On June 20, 2013, Mamrak filed another motion for summary judgment. He contended that he was entitled to judgment as a matter of law since the cost and necessity of the repairs to the vehicle were undisputed.
CARS resisted the motion and filed its own motion for summary judgment. CARS reiterated that Mamrak's application for the warranty and his payment of $99.00 had been received on October 20, 2011, and that the Power Train Limited Warranty coverage began on that date and no earlier. However, CARS acknowledged the entry of partial summary judgment in favor of Mamrak. In light of the trial court's legal conclusion that the terms beneath Mamrak's signature were not part of the parties' agreement, CARS argued that no valid contract had been created.
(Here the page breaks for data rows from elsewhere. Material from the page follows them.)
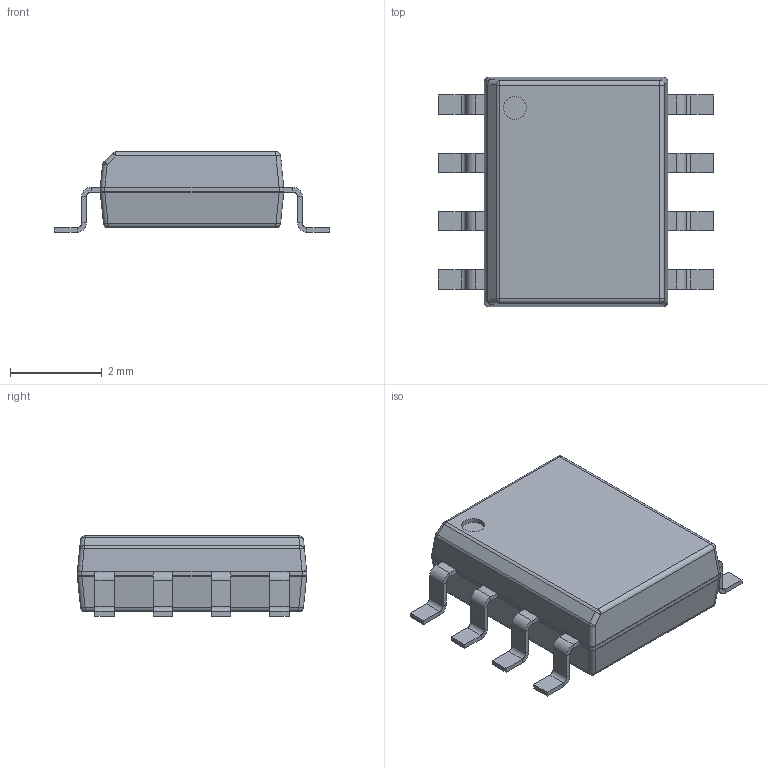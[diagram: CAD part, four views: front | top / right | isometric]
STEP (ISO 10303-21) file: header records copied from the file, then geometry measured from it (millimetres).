
FILE_DESCRIPTION(('Open CASCADE Model'),'2;1');
FILE_NAME('Open CASCADE Shape Model','2024-03-15T11:35:17',('Author'),( 'Open CASCADE'),'Open CASCADE STEP processor 6.8','Open CASCADE 6.8' ,'Unknown');
FILE_SCHEMA(('AUTOMOTIVE_DESIGN { 1 0 10303 214 1 1 1 1 }'));
Length unit declared in the file: millimetre
Products named in the file (7): PCB; Designator1; 9269385264; Open_CASCADE_STEP_translator_6.8_70.1; Body; Open_CASCADE_STEP_translator_6.8_70.2.1; Leader
Assembly tree (12 placements, depth 4):
  PCB
  Designator1
    9269385264
      Open_CASCADE_STEP_translator_6.8_70.1
      Body
        Open_CASCADE_STEP_translator_6.8_70.2.1
      Leader  x8
Bounding box: 6 x 5 x 1.75 mm (x, y, z)
Volume: 32.3 mm3; surface area: 80.1 mm2
Topology: 9 solids, 10 shells, 243 faces, 490 edges, 257 vertices
Faces by surface type: plane 161, cylinder 64, sphere 10, bspline 8
Full cylindrical faces by diameter (mm): 0.5 x1
Entity records: 3011 total; most frequent: CARTESIAN_POINT 1115, DIRECTION 369, ORIENTED_EDGE 343, EDGE_CURVE 172, AXIS2_PLACEMENT_3D 135, LINE 99, VECTOR 99, FACE_BOUND 90

It claimed that the document -- as redacted by the court -- lacked definite and essential terms and did not reflect any actual agreement between the parties. CARS sought summary judgment on the basis that no contract had been formed between the parties. In the alternative, CARS argued that the terms of the contract were ambiguous requiring an opportunity for both parties to present proof of the agreement to a fact-finder.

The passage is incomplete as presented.